BLANKS: Who has been the most important person in your life?
WESTWOOD: It has to be Gary [Ness, editor and artist], my friend. As I told you, I judge myself by what I think, and he was one of the cleverest people on the planet. He really did direct my reading and my love of art. He got me to really start looking at stuff. Brilliant stuff, not just the latest thing. Of course, Malcolm influenced me, but Malcolm was all about the latest thing. At the time, that appealed to me. I did not like the traditional, high, fine art, because I’d been brought up a Protestant in the country. I went into the National Gallery and I ran out terrified because it reminded me of a Catholic church and I didn’t want to go back there. When I did go back, I started to look at it with Gary. My god, then I started to get all kinds of ideas. I needed Malcolm in the beginning because I needed to know more about politics and what was going on in the world, and about art. But then I got tired of him intellectually because Malcolm didn’t push; he just wanted superficial success. He didn’t care about going into any depth about anything. So he stopped being interesting for that reason. You know, people have got so much experience, and so many clever things they know, but if they don’t carry on trying to find things out rather than just pick things up . . . You need to go further, and he never did.
BLANKS: So that would be more significant to you than all your years of changing the way people think about clothing?

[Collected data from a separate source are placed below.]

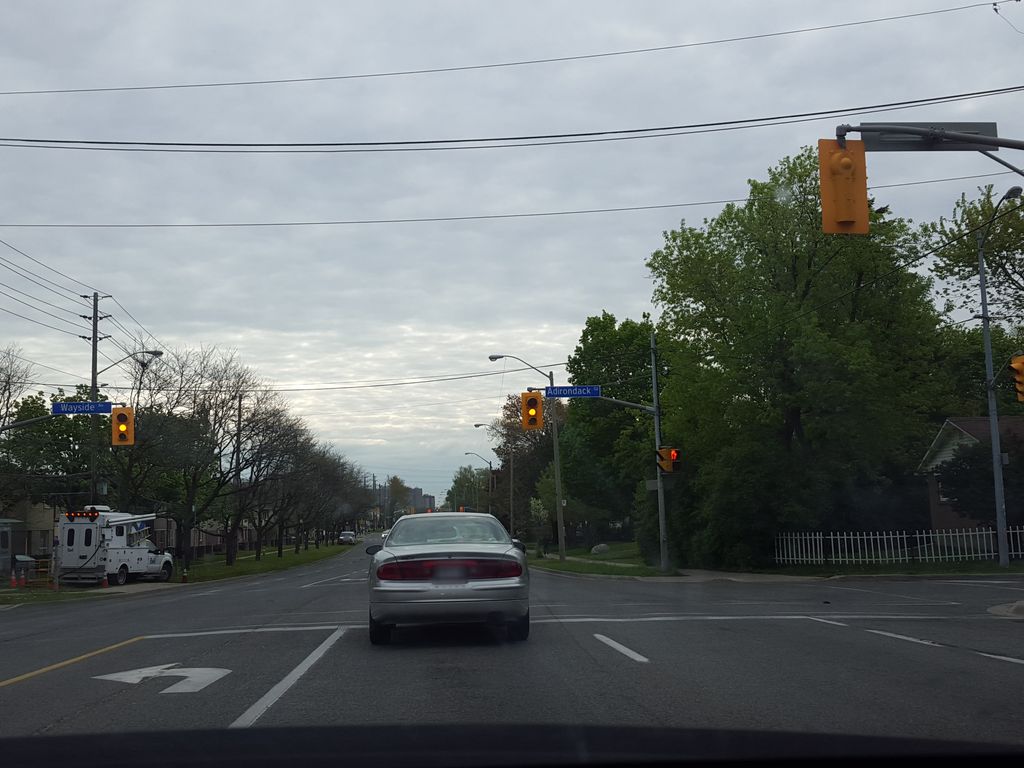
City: toronto
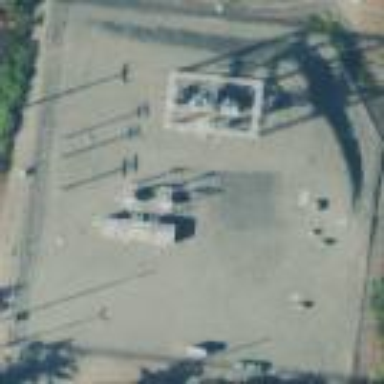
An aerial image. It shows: Distribution substation surrounded by fence.
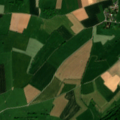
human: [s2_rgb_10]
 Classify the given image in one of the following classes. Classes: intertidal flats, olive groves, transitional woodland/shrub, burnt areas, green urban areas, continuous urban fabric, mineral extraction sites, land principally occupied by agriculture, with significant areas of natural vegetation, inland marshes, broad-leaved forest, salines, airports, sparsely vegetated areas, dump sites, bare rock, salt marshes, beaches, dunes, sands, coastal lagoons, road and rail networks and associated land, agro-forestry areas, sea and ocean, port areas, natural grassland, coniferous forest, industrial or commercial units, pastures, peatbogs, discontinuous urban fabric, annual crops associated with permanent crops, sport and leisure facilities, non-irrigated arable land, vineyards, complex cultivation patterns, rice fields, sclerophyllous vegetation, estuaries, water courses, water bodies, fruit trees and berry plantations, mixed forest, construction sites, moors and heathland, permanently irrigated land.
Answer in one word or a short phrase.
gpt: non-irrigated arable land, pastures, complex cultivation patterns, broad-leaved forest
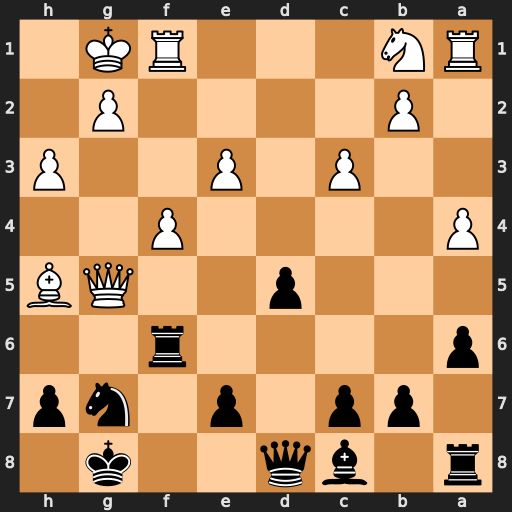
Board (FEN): r1bq2k1/1pp1p1np/p4r2/3p2QB/P4P2/2P1P2P/1P4P1/RN3RK1
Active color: b
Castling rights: -
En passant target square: -
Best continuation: Rf5 Qg3 Rxh5
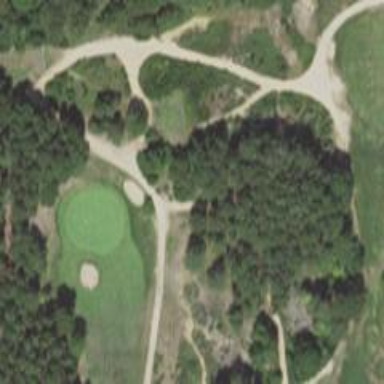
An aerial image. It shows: Golf cartpath that is also road path.
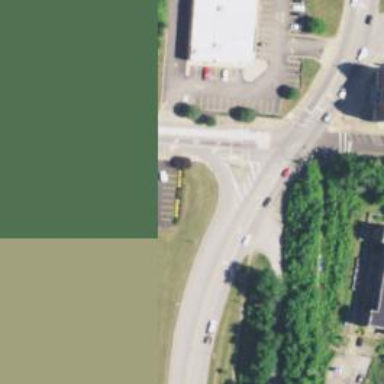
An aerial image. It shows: Footway with marked crossing lines.
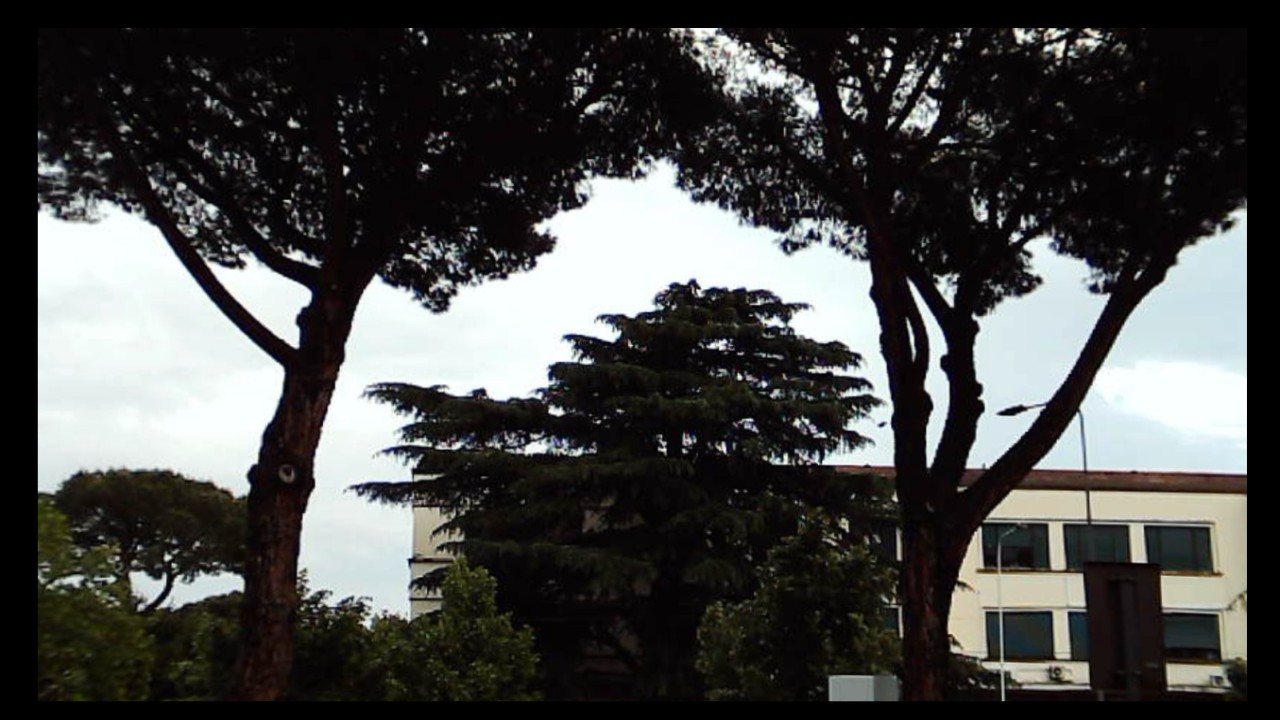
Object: DarwinFPV cineape20
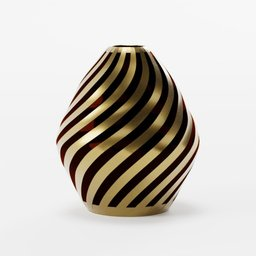
Label: decoration
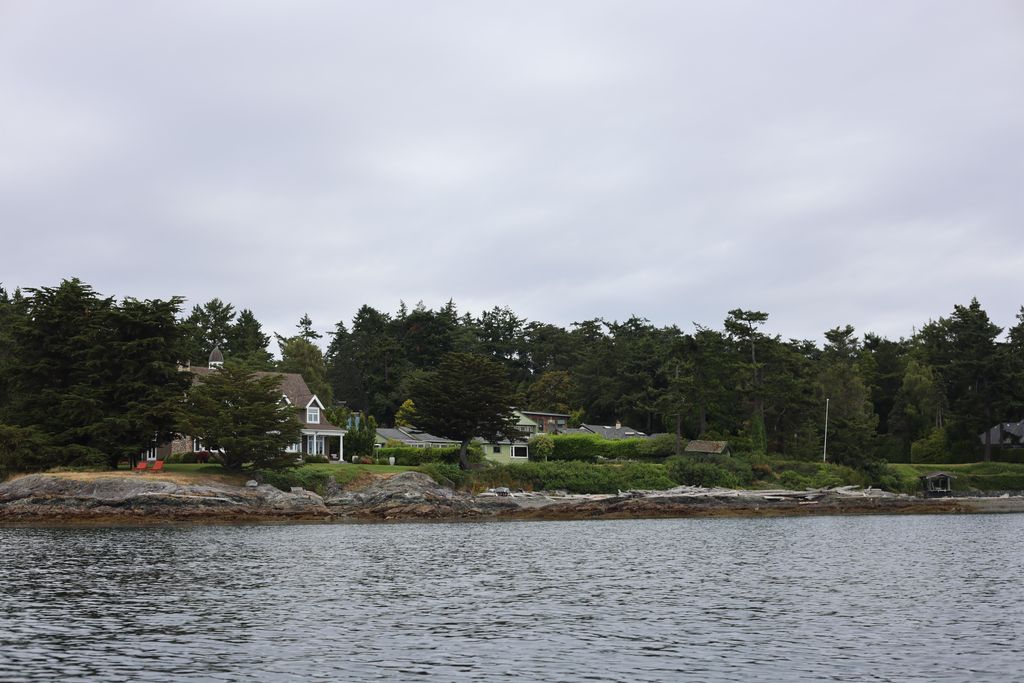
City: victoria
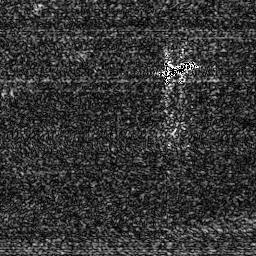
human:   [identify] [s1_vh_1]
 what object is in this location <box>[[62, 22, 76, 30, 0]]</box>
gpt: <ref>1 medium ship at the top</ref>
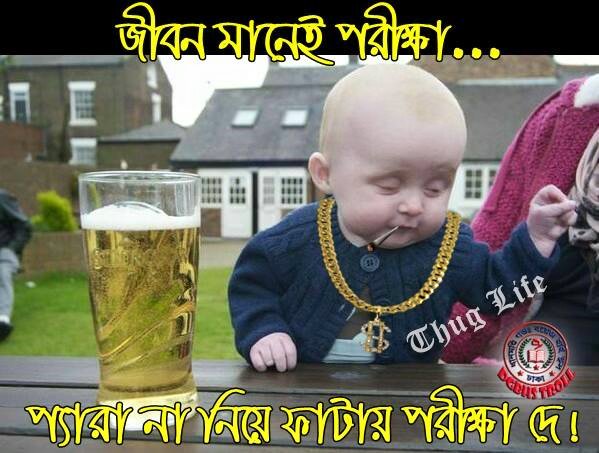
Caption: জীবন মানেই পরীক্ষা ...    প্যারা না নিয়ে ফাটায় পরীক্ষা দে !
Label: non-hate
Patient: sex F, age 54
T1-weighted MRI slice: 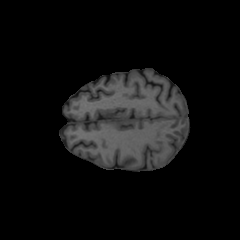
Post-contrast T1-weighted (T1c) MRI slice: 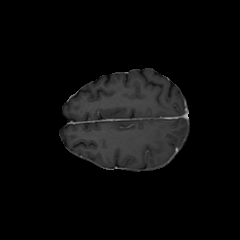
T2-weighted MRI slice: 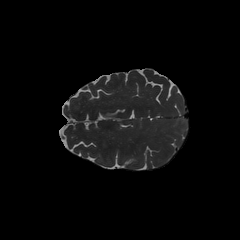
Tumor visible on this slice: no
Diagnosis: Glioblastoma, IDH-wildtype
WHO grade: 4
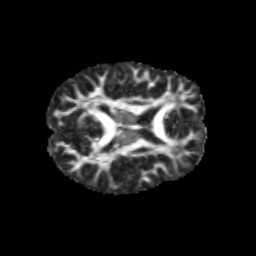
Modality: FA
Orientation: axial
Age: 12
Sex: male
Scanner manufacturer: siemens
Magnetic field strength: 3 T
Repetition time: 3.8 s
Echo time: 0.07 s
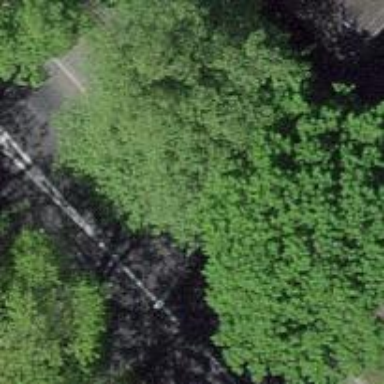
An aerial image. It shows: Avenue of trees.
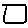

WESTWOOD: Yeah, I don’t care about any of that. I have no expectations. I don’t expect anything from anybody. I think that we know so little. The world has forgotten far more than it knows. And so I have no idea what I think about whether there’s any afterlife. Up until now, I’m quite convinced that no such thing happens, and I’m perfectly content to rot. I would prefer not to have any monument whatsoever. Just disappear. Definitely, definitely, definitely.